And this legacy of success doesn’t belong just to the powerhouse sport of football.
Consider the Olympic sports contested across the NCAA: Pac-12 schools dominate the top 25 national rankings and finishes, and Stanford, UCLA and USC sweep the podium spots for schools with the most NCAA team titles. If the Pac-12 were a nation, it would have placed fifth in the medal count at the pandemic-delayed Tokyo Games in 2021 and the 2016 Rio de Janeiro Games. Indeed, it is Olympic sports that have made the Pac-12 the “Conference of Champions.”
One would think that with stats like these, the college presidents and university athletic directors in the Pac-12 wouldn’t let the conference disintegrate, picked apart by its fellow leagues and set to disappear at the end of the school year.
But thinking that way denies the central existence of football in the business of college sports (and higher education for that matter), as well as the century-plus history of football policy driving all college sports policy.

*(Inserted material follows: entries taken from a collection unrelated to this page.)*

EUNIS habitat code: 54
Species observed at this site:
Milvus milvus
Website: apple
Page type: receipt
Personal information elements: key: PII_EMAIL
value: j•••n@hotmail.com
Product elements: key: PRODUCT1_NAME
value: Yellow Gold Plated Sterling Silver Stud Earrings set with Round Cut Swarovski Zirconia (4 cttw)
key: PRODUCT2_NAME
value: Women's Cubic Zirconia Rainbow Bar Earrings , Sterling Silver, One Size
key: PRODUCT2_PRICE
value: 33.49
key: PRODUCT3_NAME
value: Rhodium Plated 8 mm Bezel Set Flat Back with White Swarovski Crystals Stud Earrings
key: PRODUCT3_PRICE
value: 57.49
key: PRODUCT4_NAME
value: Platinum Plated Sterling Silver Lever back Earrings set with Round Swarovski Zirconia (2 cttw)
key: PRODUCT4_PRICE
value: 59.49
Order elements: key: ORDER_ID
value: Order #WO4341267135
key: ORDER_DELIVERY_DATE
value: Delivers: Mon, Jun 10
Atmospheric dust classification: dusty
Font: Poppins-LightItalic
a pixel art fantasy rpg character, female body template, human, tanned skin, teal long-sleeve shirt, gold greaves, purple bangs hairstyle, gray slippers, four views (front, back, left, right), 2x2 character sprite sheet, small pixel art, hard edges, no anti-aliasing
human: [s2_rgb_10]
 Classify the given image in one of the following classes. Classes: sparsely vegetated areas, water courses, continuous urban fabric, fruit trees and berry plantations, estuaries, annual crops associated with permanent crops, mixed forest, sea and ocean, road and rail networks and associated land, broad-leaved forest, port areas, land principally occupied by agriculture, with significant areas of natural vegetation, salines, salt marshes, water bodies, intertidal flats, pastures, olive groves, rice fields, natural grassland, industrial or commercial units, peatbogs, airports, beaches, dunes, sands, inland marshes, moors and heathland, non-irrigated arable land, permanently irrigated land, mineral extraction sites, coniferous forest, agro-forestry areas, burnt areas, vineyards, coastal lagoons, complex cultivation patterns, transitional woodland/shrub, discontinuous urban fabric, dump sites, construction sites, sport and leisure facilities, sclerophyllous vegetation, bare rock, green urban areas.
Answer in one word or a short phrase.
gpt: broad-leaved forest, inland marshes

Right now, higher education’s football industry is being dragged into a new business model, pretty much against its will. Federal courts are listening to athletes’ antitrust challenges to the NCAA, and the National Labor Relations Board is considering their right to organize and bargain collectively.
In response, the top football schools aren’t reinventing their programs as you might think they would; they’re just trying to figure out how to keep cashing in: breaking agreements, backstabbing one another (and their athletes) and switching league allegiances in pursuit of media dollars and an expanded (and therefore more lucrative) 12-team College Football Playoff.

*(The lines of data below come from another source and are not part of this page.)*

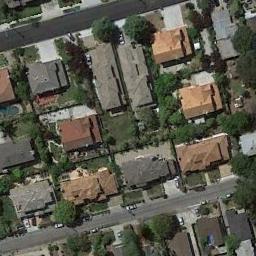
Label: residential
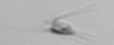
Label: Calciopappus
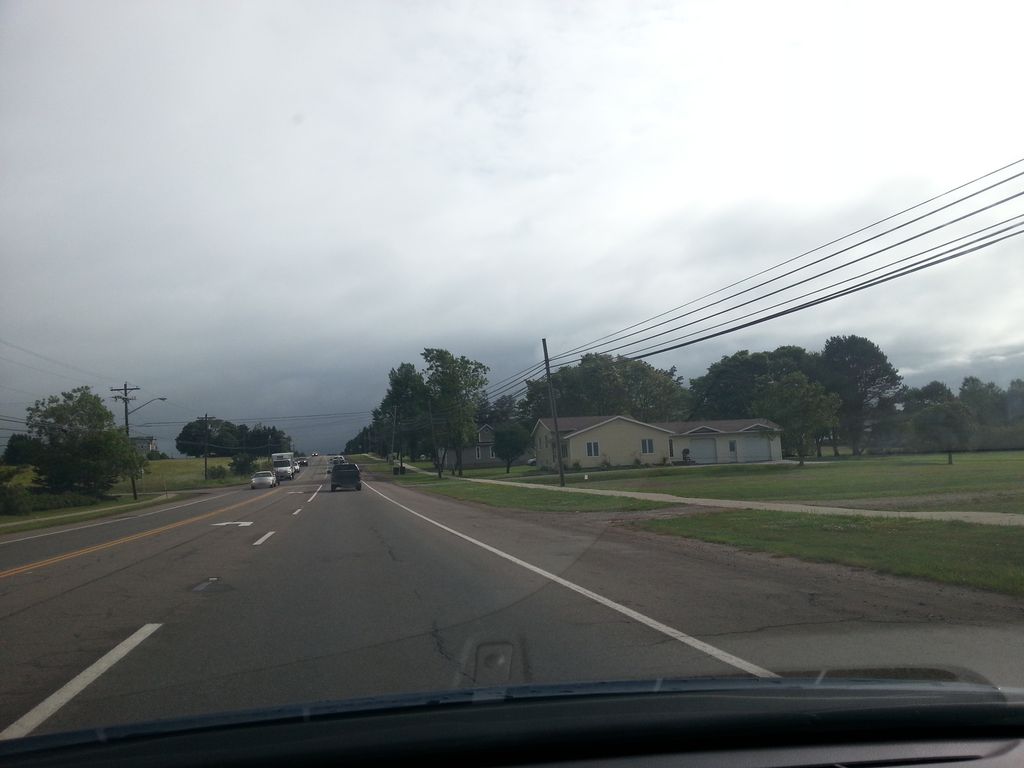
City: charlottetown
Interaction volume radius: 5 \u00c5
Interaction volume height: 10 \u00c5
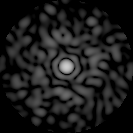
Disorder parameter: 0.8459
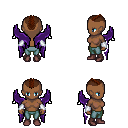
a pixel art fantasy rpg character, female body template, human, dark skin, purple wings, teal pants, brown short mohawk hairstyle, white cloth bracers, maroon shoes, four views (front, back, left, right), 2x2 character sprite sheet, small pixel art, hard edges, no anti-aliasing
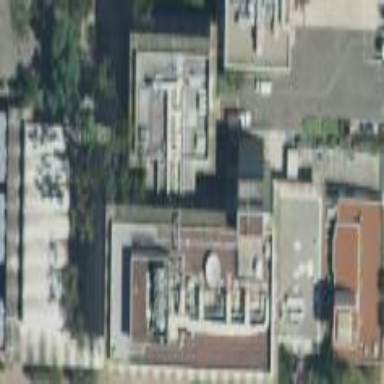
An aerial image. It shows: University building.
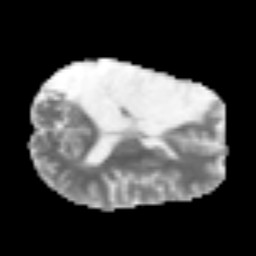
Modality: MD
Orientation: axial
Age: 40
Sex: male
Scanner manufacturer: siemens
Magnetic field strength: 3 T
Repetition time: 3.2 s
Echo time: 0.081 s
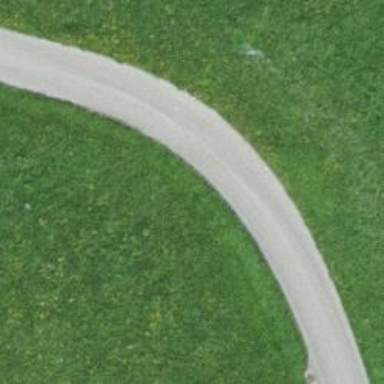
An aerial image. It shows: Unclassified road with paved surface.
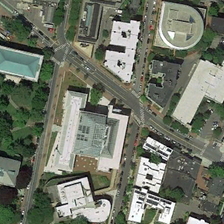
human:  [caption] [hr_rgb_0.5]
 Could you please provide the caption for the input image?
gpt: some buildings and green trees are in a school .

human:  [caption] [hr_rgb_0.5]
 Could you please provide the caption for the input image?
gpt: some buildings and green trees are in a school .

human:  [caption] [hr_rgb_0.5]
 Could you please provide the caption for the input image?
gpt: some buildings and green trees are in a school .

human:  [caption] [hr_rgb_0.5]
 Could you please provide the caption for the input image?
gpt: some buildings and green trees are in a school .

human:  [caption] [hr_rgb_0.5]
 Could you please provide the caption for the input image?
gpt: some buildings and green trees are in a school .
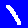
Digit: 1
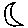
Label: moon
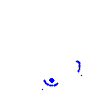
Particle: electron
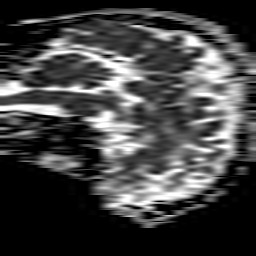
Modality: ADC
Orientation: sagittal
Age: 56
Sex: male
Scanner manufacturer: philips
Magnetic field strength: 1.5 T
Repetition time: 3.54 s
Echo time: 0.09411 s
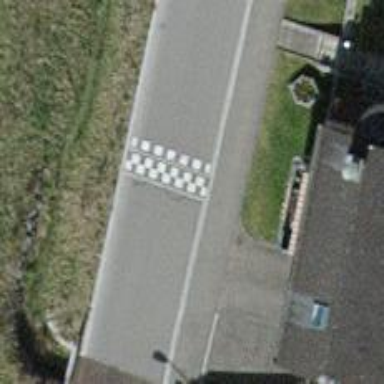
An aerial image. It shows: Bump for traffic calming.
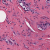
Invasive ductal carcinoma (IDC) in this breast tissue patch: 1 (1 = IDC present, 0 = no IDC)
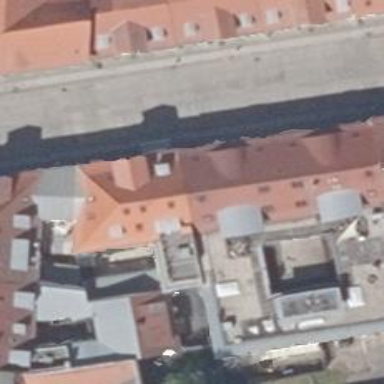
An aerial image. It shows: Historic Baroque building with yellow and white exterior colors. The building is apartment complex with hipped roof made of black roof tiles.
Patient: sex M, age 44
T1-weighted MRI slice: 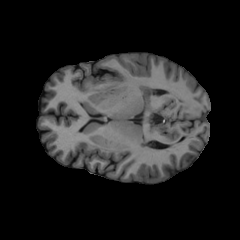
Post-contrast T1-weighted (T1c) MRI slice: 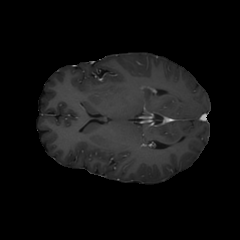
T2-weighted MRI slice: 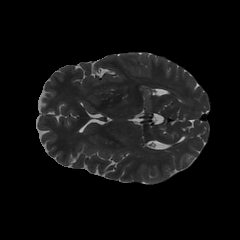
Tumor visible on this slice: yes
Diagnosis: Glioblastoma, IDH-wildtype
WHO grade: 4
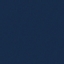
Label: SeaLake
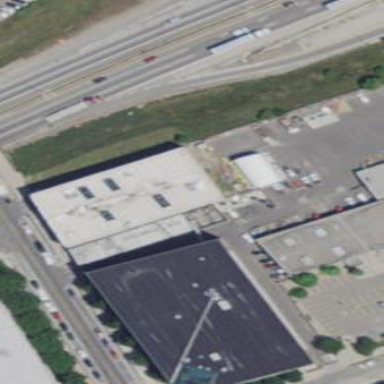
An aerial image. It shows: Retail building.

And they’re dragging the rest of the sports on their campuses along with them into new coast-to-coast megaconferences.
Just one year after UCLA and USC announced they would be deserting the Pac-12 to join the Big Ten Conference (creating a four-time-zone behemoth), most of the rest of the dominoes have fallen. Only Washington State and Oregon State remain in what is now in effect a Pac-2. Colorado, Utah and Arizona, along with Arizona State (where I competed in track and field when I was a PhD student and where I now teach) joined what will be a 16-member Big XII. Oregon and Washington bolted to become the 17th and 18th member schools of the Big Ten, and, finally, Cal and Stanford, whose campuses are not far from the Pacific Ocean, announced they would join the Atlantic Coast Conference.
When I competed for ASU, Stanford was our big distance-running rival; now Stanford will be conference foes with my undergraduate alma mater, the University of North Carolina, on the opposite coast.
It’s trippy, and it will be devastating for many of the non-football athletes at Pac-12 schools. When they have to travel to far-flung meets and games they probably won’t fly charter, like revenue-producing football players. They may find themselves on long bus rides or juggling layovers and connections, and spending more time away from campus than if they were primarily competing regionally.
Especially for students who compete in softball, baseball, volleyball, basketball, soccer and other sports with regular season competition and multiple games per week, participation in megaconferences spread across the country will cause serious travel-induced harm.
Athletes will miss more classes, and more of non-academic college life. They will be more sleep-deprived, and more likely to get sick or injured or to experience anxiety and stress as they struggle to balance their academic and athletic obligations.
The schools, which already spend a lot of money to help athletes succeed at managing their roles and responsibilities, will need to throw even more resources at the problem. The cost of doing business, so to speak, already precariously high, will tick up. If there’s a budget shortfall, the megaconference schools may decide to tackle it by cutting “niche” sports from their programs completely.
None of the above has to happen.
Instead of dragging all sports into the megaconferences (and letting TV networks dictate how schools structure athletics), the Pac-12 athletic departments should be organized sport by sport, with those that want to continue conference play within the western regional league free to do so.
There already is precedent for a sport-by-sport model at many of the schools in the Pac-12. Water polo does not play in the Pac-12, but in the Mountain Pacific Sports Federation. The same was the case for Pac-12 women’s lacrosse teams until enough of the conference’s schools added the sport to their rosters.
And why shouldn’t the nine Pac-12 beach volleyball teams keep playing in their best-in-class league (they’ve won every NCAA title since championships commenced in 2016)? The megaconferences the Pac-12 schools are joining barely even have beach volleyball programs.
For a host of reasons, keeping the Pac-12 umbrella, with its brand of excellence and western regional focus, makes sense. The switch to sport-by-sport organization, which will mean more individualized decision making overall, should also better serve the needs of college athletes.
The Pac-12, over more than a century, has compounded its advantages — excellent academics, high-level interconference competition, campuses located where training can often go on year-round — and become the world’s premier league for sports that aren’t football. None of that needs to be sacrificed, along with scores of college athletes, to the messy upheaval that’s revolutionizing the college football industry.
Stop writing the obits for the Conference of Champions. Sport by sport, let the Pac-12 live.
Victoria Jackson is a Pac-10 and NCAA champion and retired professional runner. She is a clinical associate professor of history at Arizona State University.